Client turnover creates profitability problems at agencies

Is your client turnover above or average? It depends on whether your agency focuses on retainers or projects.

Knowing I’ve worked with agencies worldwide, the COO at a 25-person agency asked for my perspective on client turnover:

“What do you think a typical digital agency should expect for annual churn rate? We measure [client] churn based on revenue, and have always budgeted using a somewhat arbitrary benchmark. I was wondering what you’ve seen out there and what you recommend people budget for this. My research is showing anything from 25% to 50%—but this seems very high.”

The answer varies but a key driver is whether your agency focuses on retainer or project-based work. Let’s take a closer look to see how your agency compares—since client retention impacts your profitability.

Client Turnover: Retainer vs. Project-Based

If you’re at a retainer-oriented agency, I’d be concerned if client turnover was higher than 20%—because that implies that another 20-30% is currently at-risk. For example, seeing 50% client turnover at a retainer-based agency implies that only ~25% of its clients truly like the agency. That means you’re unlikely to get strong referrals ’til you fix what you’re doing wrong.

If you’re at a project-based agency, client turnover could reasonably be closer to 30-50% annually, assuming you have a strong sales pipeline to replace the revenue and you tend to get repeat business from past project clients. But you probably want to grow your retainer business, so you aren’t spending so much time selling to new clients.

Client Concentration Can Skew Turnover

Those percentages are skewed if you have a Client Concentration problem (that is, any one client is more than 20% of your business).

For instance, if you lose a single good client that produced 40% of your revenues, that’s bad—it’s a huge hit to revenues. But a losing a single client is not necessarily a sign that you’re bad at client retention.

On the other hand, losing 10 good clients totaling 40% means you’re probably making a lot of clients unhappy. That’s a bigger sign that you have a client retention problem.

But losing 10 clients totaling 40% is worse, in the sense that you consistently made a lot of people unhappy for that to happen. And since you didn’t lose that 40% simultaneously, you may get complacent.

You can track the percentage by dollars, number of accounts, or both. (This helps you avoid over-reacting if you lose several tiny clients, or under-reacting if you lose a single enormous client.)

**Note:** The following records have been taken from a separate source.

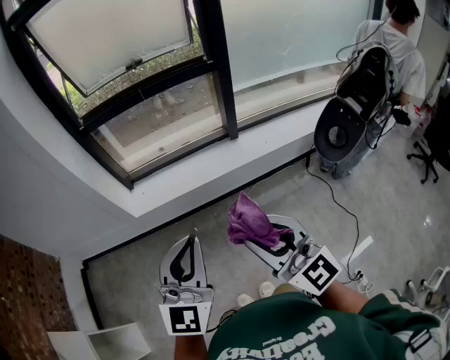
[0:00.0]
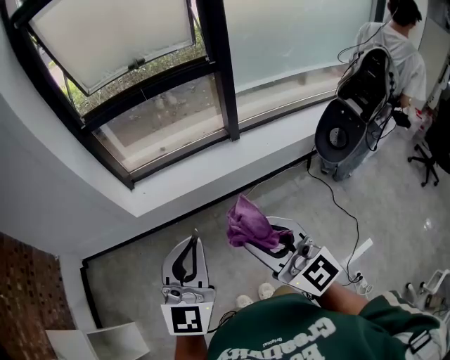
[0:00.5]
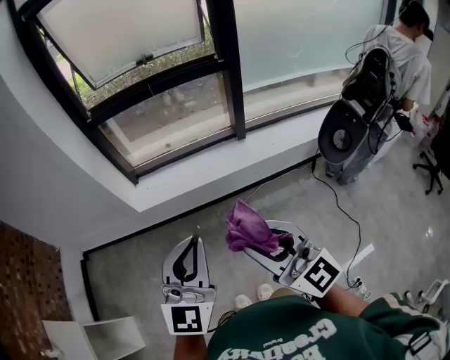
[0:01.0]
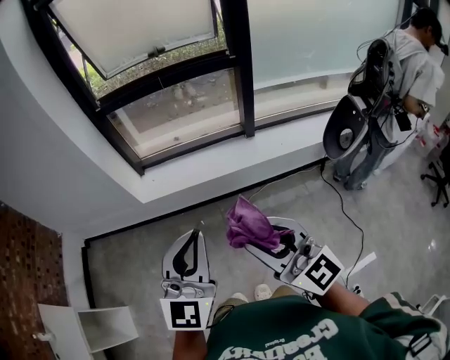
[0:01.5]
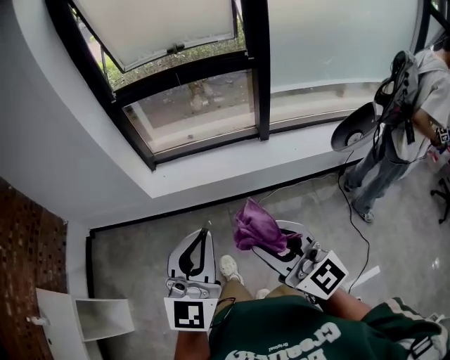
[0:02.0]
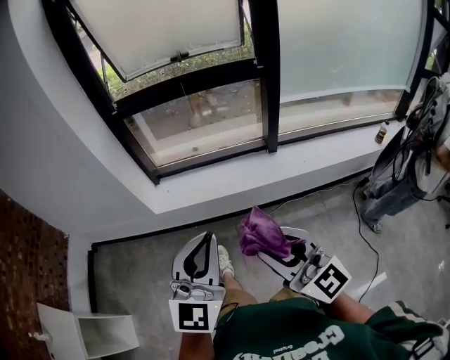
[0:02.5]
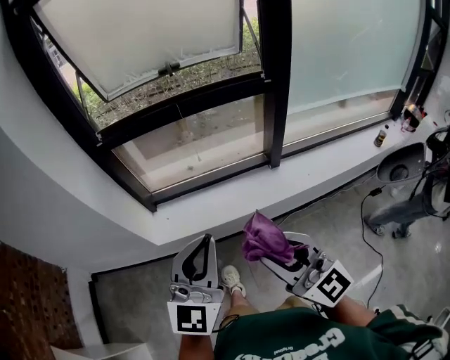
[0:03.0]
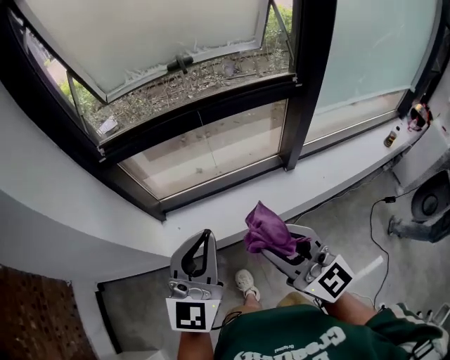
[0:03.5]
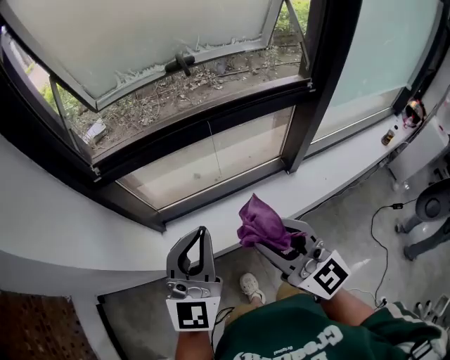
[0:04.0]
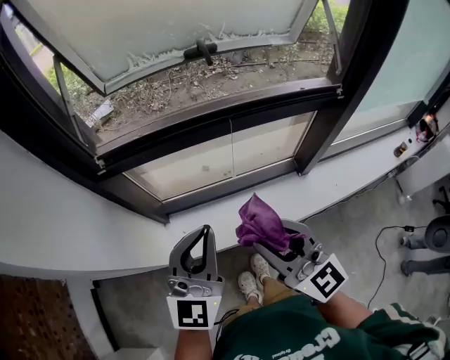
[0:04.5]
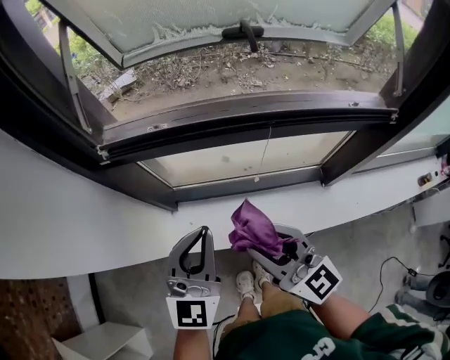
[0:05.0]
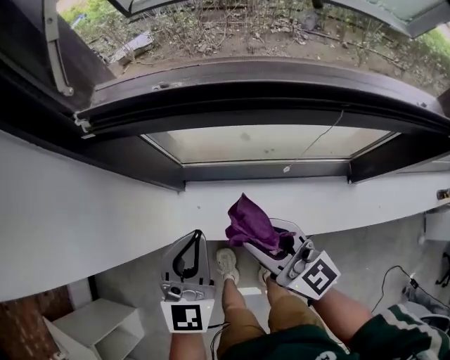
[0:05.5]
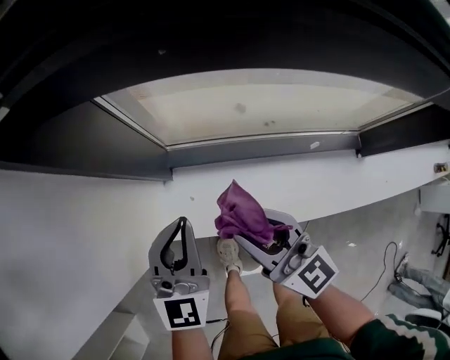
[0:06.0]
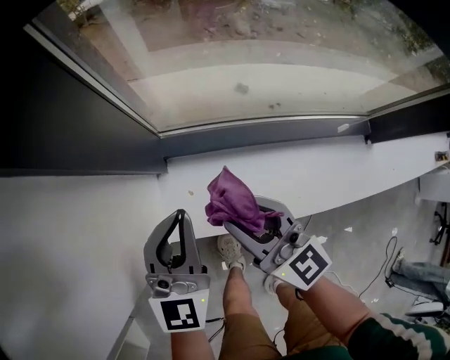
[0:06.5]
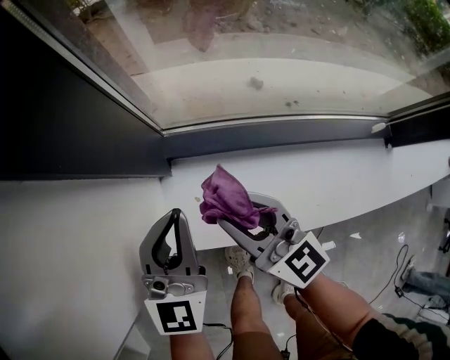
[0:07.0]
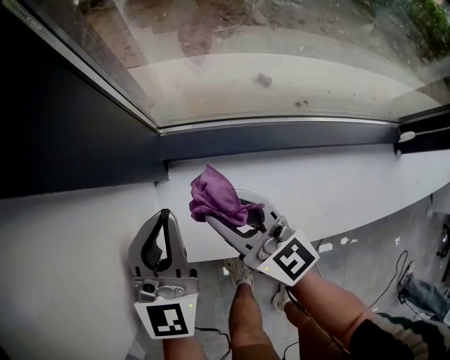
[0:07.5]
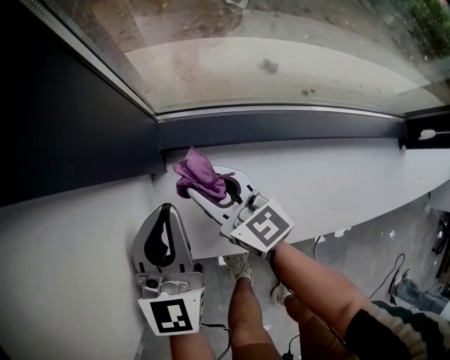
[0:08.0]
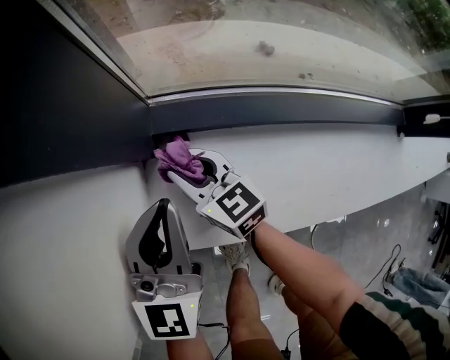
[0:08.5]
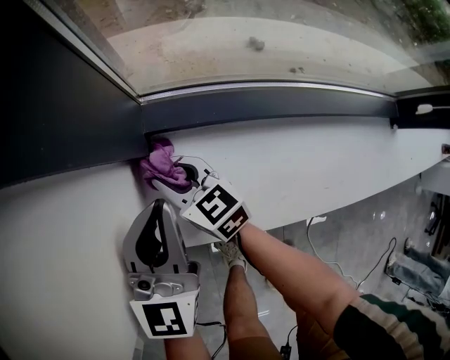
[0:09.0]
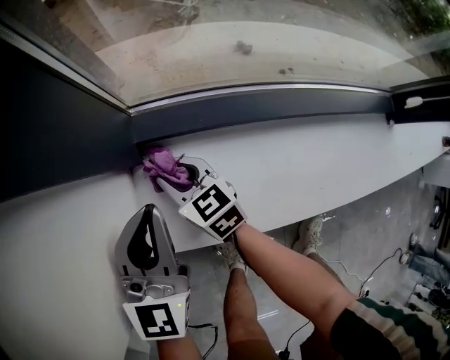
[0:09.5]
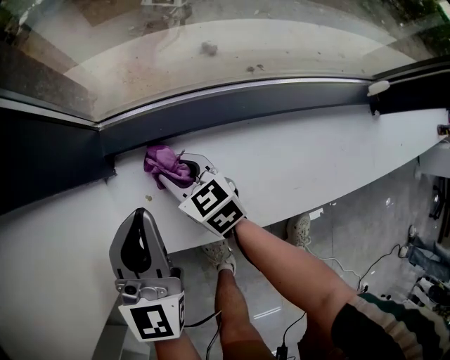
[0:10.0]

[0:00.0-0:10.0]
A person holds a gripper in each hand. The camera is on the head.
0:00.0 to 0:02.0: The grippers stay close to where they were, moving slightly.
0:02.0 to 0:04.0: The pair of grippers is taken forward, about 50 cm.
0:04.0 to 0:06.0: Both grippers move downward, forward and to the left, roughly 40 cm. The left gripper swivels some 30 degrees; the right gripper changes its angle by approximately 30 degrees.
0:06.0 to 0:08.0: The left gripper is displaced downward by roughly 25 cm. The right gripper heads downward and forward, covering roughly 35 cm.
0:08.0 to 0:10.0: The left gripper moves to the right, approximately 5 cm. The right gripper shifts some 10 cm downward and to the right.

Don’t Get Complacent about Client Turnover

If you’ve ever lost a big client, you know how it feels—a mix of panic and confusion. If they were a client you didn’t like, you’re relieved they’re gone—but worried about how you’ll replace the revenue.

When you lose several clients at once, it feels bad—but it often feels less acute. A few thousand here and there doesn’t hurt as much as losing that single big client. Yet it can add up to the same impact on your agency.

If you’re not strategically focused on client retention, you’re going to have an avoidable client turnover problem. Remember, the choices you make today impact what happens a month and a year and five years from now.

Question: What are you doing today to maximize client retention tomorrow?